Najwięcej reklam – jedzenie
Pozwoliłem sobie na własny, autorski podział prezentowanych reklam. Wynika on z chęci kategoryzacji, która odzwierciedla specyfikę zestawienia. Zastosowanie klasycznych podziałów FMCG, no food i tak dalej nie pozwalałoby na opisanie tak ciekawego zjawiska jakim jest Mikołajkowy Blok Reklamowy.
W tej grupie jest aż sześć marek, których menedżerowie zdecydowali się na prezentację w Bloku.
W kategorii jedzenia najbardziej wyróżnia się marka Wedel – jako jedyna, która prezentuje słodycze tak bardzo związane ze świętami. Poza tym mamy jeszcze trzy marki produktów gotowych do spożycia – herbatę Lipton, pikantne kabanosy Tarczyński i produkty mleczne Rolmleczu (producent – Polmlek).

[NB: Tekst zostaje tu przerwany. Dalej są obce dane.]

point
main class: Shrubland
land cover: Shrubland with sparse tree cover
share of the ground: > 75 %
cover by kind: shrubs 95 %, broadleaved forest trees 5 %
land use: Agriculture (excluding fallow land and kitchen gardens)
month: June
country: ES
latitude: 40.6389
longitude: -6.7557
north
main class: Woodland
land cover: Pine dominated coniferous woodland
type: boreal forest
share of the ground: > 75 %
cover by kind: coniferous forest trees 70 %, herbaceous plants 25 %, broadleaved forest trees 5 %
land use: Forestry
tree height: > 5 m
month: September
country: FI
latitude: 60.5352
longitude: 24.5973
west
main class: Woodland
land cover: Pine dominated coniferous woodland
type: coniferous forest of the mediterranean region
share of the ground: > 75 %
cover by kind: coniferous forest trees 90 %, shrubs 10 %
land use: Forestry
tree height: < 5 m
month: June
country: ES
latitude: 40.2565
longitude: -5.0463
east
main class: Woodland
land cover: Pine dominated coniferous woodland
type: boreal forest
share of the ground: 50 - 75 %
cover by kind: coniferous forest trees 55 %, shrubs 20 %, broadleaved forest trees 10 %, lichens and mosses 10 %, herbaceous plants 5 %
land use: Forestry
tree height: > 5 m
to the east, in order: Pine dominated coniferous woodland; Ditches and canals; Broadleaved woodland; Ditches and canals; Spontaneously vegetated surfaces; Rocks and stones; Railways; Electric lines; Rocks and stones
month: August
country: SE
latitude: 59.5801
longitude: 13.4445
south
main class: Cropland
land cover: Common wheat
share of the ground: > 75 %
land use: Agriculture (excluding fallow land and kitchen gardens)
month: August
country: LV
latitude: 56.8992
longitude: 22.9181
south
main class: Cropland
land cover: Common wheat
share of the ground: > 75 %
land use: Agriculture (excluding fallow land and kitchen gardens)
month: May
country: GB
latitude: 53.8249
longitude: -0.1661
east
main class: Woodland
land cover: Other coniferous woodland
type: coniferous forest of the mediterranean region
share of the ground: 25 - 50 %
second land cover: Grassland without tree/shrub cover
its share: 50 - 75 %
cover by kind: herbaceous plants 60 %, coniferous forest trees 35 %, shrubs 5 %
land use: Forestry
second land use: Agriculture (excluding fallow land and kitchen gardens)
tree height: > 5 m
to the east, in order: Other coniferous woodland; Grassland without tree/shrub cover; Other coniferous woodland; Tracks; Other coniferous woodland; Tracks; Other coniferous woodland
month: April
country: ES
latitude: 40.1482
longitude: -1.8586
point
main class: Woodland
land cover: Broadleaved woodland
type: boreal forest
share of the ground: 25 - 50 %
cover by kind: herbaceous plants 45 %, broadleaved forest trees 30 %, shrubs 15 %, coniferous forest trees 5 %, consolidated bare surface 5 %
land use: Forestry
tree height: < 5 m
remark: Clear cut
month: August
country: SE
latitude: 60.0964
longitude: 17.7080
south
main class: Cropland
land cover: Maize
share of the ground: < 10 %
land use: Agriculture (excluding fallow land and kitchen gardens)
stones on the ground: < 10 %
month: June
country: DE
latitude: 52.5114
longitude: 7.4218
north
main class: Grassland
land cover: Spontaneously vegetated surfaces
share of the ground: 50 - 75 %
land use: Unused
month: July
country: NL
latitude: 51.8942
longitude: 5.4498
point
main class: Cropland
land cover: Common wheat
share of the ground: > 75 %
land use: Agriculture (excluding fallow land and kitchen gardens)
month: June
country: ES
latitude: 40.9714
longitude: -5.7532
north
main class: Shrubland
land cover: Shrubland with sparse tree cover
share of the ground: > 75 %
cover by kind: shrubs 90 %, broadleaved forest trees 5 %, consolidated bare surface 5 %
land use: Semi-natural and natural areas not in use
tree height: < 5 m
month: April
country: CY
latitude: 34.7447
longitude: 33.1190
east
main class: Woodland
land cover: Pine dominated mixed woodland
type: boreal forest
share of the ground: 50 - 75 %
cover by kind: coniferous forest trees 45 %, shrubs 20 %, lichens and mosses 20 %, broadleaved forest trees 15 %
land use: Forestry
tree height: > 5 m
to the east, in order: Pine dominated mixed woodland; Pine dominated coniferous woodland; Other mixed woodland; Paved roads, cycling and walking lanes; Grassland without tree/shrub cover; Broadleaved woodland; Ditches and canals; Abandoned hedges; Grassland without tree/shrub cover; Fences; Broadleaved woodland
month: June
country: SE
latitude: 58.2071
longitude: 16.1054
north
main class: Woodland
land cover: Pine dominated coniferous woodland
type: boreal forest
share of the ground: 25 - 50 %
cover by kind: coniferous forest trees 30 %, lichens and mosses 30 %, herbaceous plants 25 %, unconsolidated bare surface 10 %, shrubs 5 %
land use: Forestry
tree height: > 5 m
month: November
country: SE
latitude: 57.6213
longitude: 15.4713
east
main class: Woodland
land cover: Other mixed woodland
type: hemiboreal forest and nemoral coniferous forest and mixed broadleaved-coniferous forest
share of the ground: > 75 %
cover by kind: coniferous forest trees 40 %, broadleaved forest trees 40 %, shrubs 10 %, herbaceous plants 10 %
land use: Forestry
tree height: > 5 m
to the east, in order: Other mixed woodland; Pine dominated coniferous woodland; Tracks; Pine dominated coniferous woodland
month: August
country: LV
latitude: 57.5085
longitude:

Resztę tej kategorii stanowią półprodukty – olej Kujawski (z pierwszego tłoczenia) i mąka Polka. Ta druga marka budzi moje wielkie zdziwienie, bo odkąd się o niej dowiedziałem – próbuję ją znaleźć na półkach sklepowych. Rozpytuję o nią również znajomych. Być może jest ona dystrybuowana w innych segmentach rynku (wieś, małe miasta). Oby nie był to błąd strategiczny związany ze złym skomponowaniem miksu marketingowego. Wówczas byłoby to zwykłe wyrzucenie pieniędzy w błoto (ta przysłowiowa połowa budżetu reklamowego, która w tym przypadku stanowiłaby sto procent).